TASK DIRECTIONS ▸ Track down each line below containing the string "camera" and copy it.

Stored data ▸
>>>>>
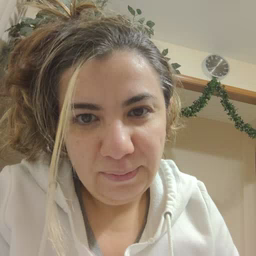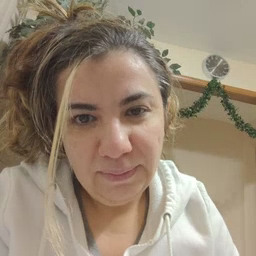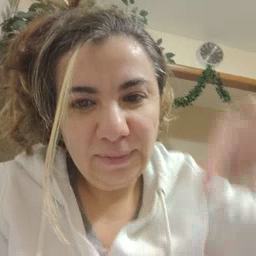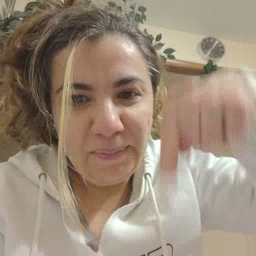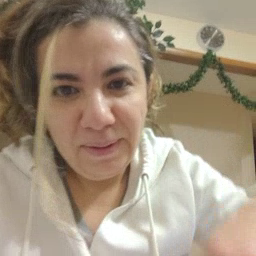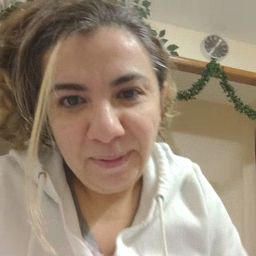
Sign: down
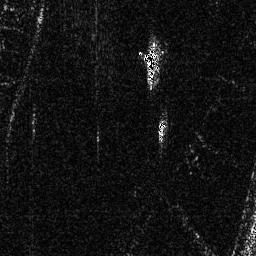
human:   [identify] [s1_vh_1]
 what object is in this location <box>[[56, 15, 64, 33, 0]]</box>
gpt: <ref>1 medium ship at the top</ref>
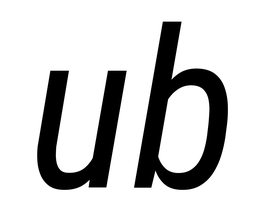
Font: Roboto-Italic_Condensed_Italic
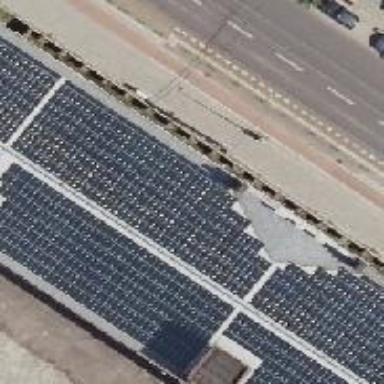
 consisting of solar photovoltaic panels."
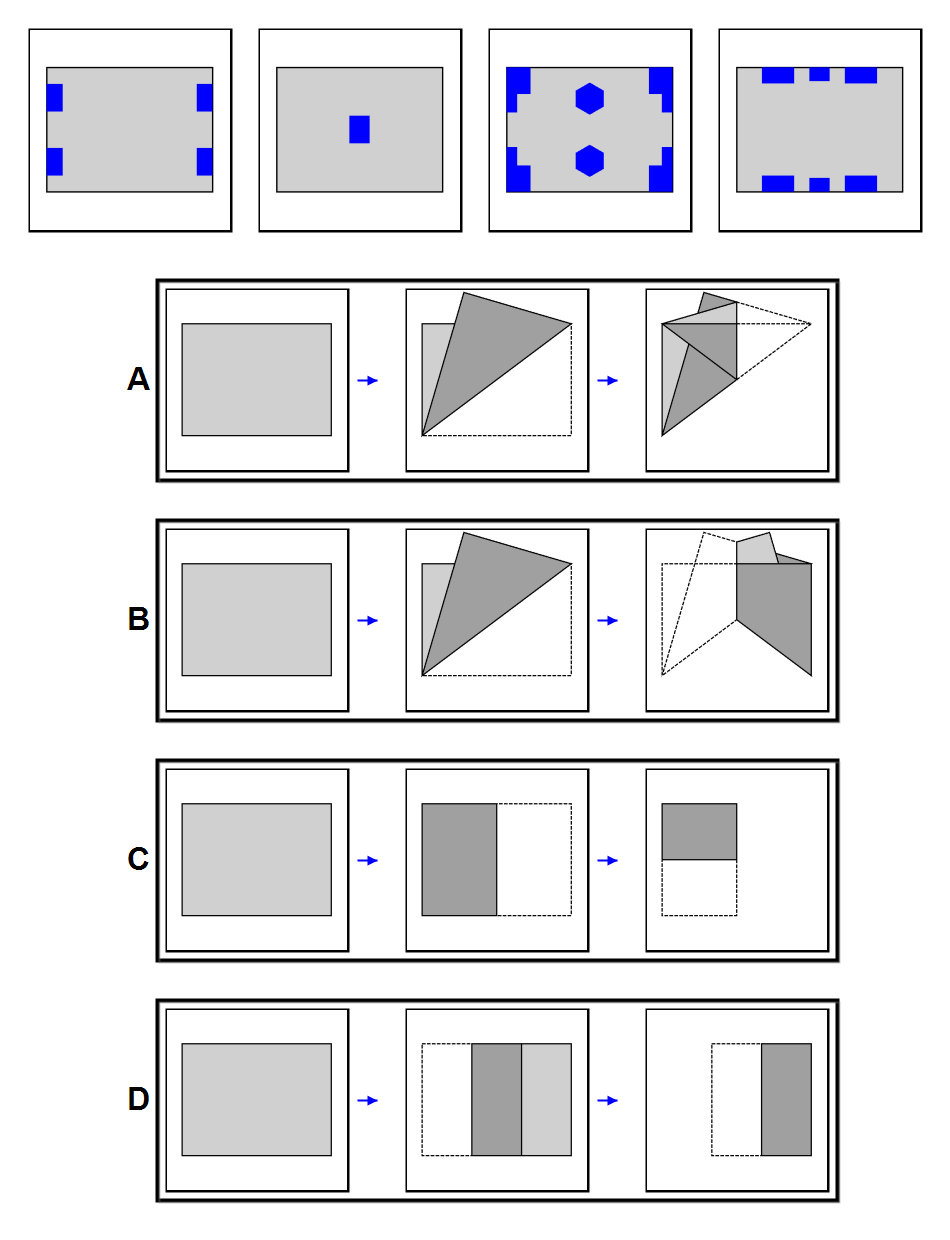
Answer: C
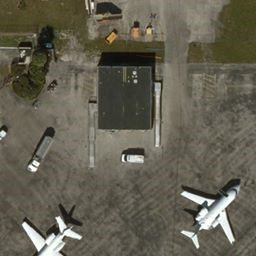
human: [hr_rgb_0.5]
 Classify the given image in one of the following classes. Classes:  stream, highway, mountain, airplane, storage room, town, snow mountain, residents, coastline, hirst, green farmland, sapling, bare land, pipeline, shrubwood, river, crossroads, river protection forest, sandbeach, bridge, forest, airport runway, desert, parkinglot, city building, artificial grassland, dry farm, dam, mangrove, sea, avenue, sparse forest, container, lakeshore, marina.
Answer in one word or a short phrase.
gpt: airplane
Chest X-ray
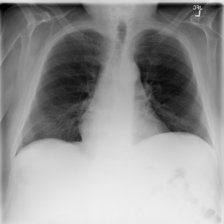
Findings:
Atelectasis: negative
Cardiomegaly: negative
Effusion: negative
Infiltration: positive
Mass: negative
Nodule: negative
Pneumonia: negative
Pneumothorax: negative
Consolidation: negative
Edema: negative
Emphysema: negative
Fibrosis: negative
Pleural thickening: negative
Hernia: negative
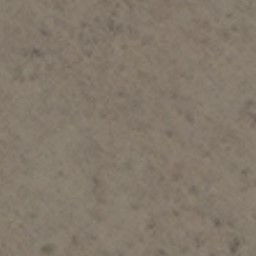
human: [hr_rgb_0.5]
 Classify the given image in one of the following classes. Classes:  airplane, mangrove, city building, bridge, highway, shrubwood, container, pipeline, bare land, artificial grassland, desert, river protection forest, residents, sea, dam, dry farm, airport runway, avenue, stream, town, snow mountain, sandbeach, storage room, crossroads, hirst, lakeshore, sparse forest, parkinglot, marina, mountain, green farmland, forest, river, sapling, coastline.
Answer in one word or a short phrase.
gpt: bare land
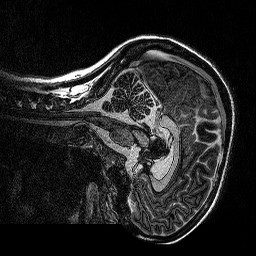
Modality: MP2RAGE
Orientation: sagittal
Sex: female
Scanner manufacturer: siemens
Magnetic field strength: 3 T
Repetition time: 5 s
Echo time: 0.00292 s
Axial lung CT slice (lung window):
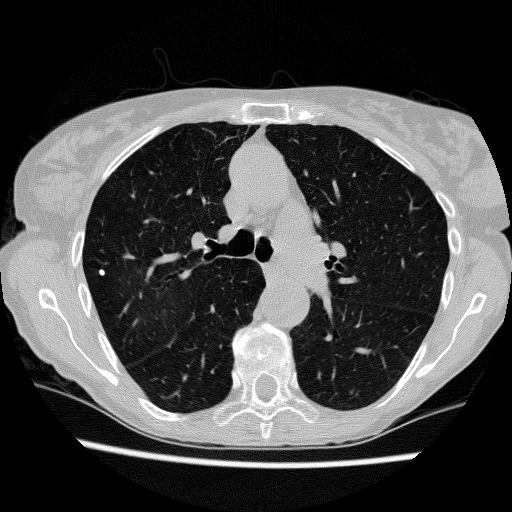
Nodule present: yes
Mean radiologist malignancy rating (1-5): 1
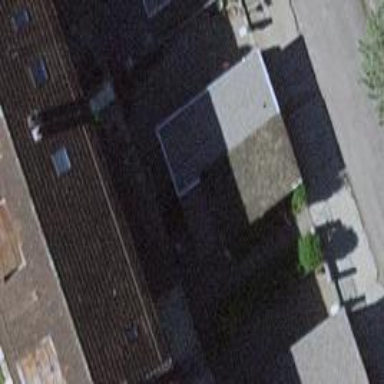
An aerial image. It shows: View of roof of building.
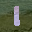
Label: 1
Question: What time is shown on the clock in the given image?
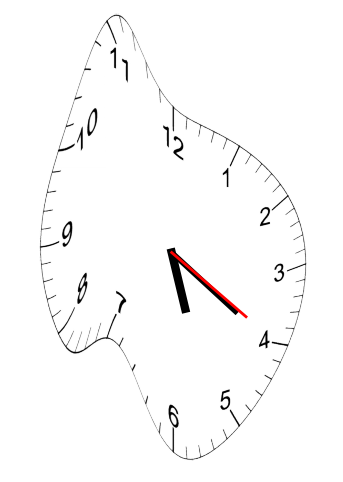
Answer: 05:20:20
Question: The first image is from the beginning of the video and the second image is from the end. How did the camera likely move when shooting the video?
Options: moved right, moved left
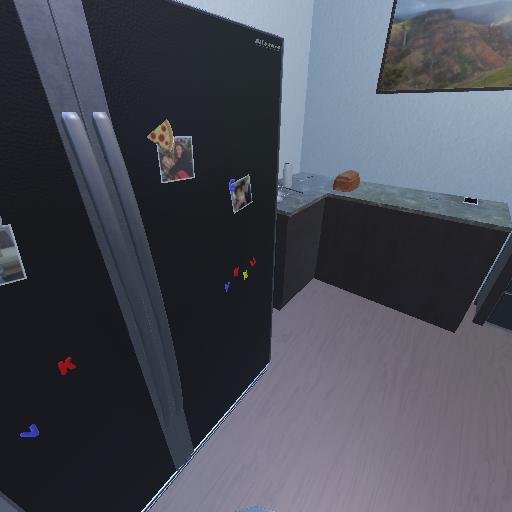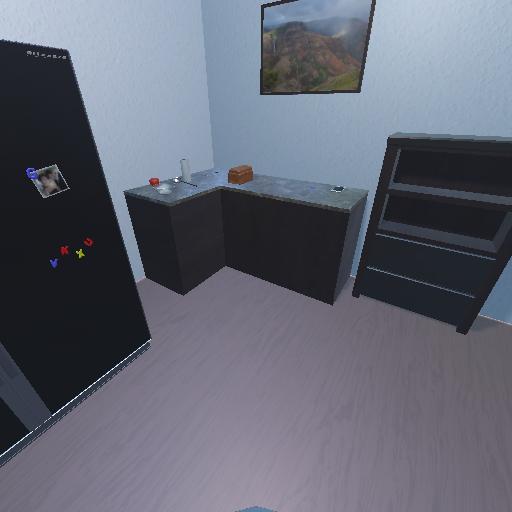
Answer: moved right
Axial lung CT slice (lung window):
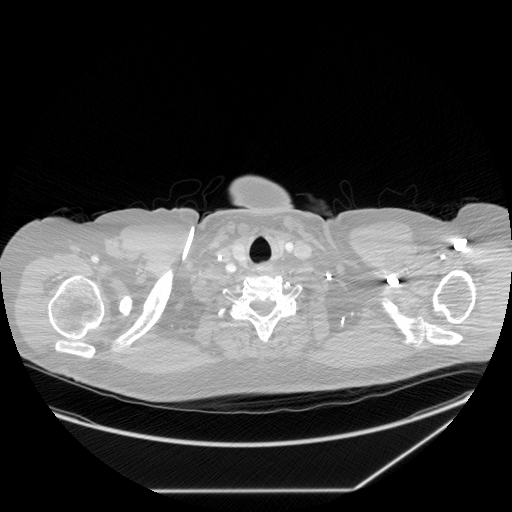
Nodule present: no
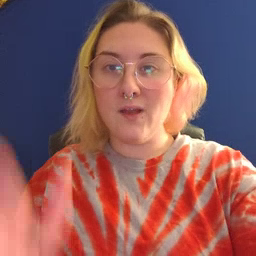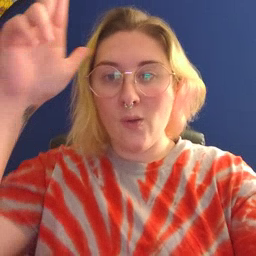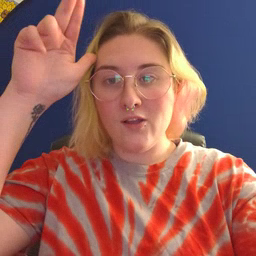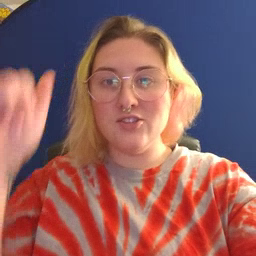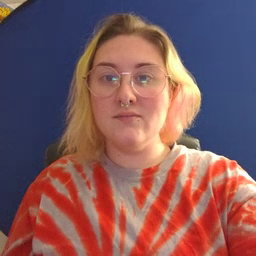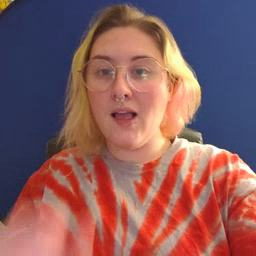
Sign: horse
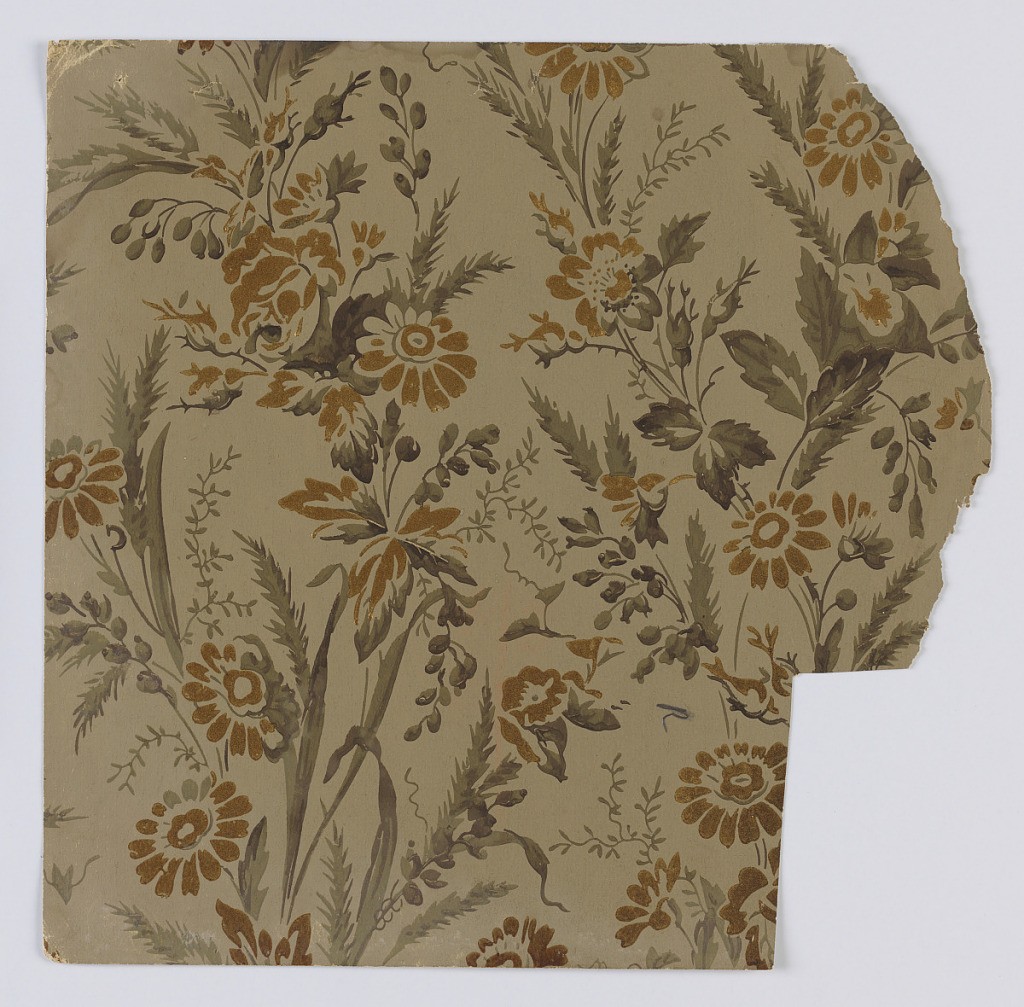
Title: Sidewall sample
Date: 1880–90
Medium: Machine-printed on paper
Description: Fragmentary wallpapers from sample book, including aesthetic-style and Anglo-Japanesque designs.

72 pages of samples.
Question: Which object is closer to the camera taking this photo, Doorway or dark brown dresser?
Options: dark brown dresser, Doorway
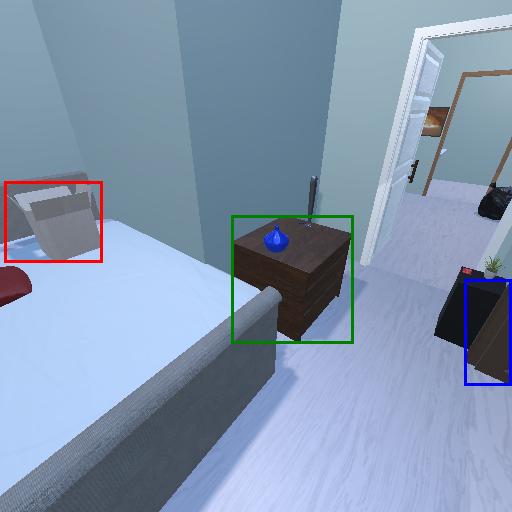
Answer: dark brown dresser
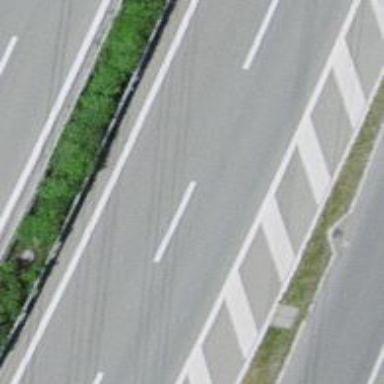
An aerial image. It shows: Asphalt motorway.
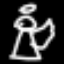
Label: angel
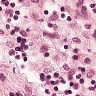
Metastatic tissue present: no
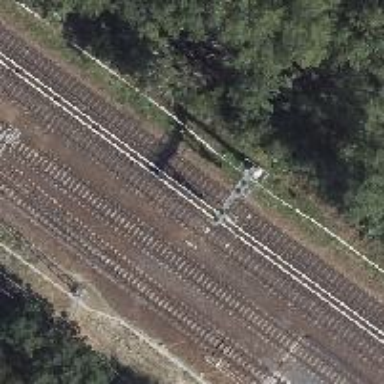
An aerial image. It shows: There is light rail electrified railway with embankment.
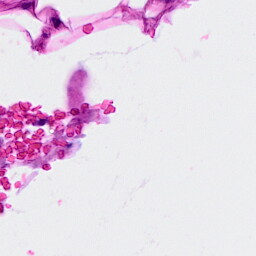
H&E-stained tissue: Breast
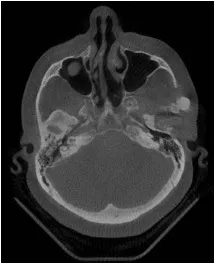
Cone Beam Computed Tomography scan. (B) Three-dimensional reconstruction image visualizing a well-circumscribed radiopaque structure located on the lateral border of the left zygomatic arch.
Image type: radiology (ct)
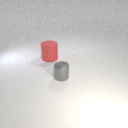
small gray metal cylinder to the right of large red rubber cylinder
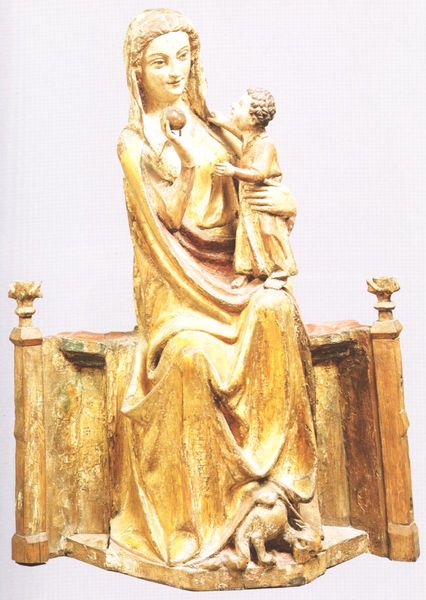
<<<<<
RESULT OF THE EXERCISE ▸
Question: The first image is from the beginning of the video and the second image is from the end. How did the camera likely move when shooting the video?
Question: Which object is closer to the camera taking this photo, Doorway or dark brown dresser?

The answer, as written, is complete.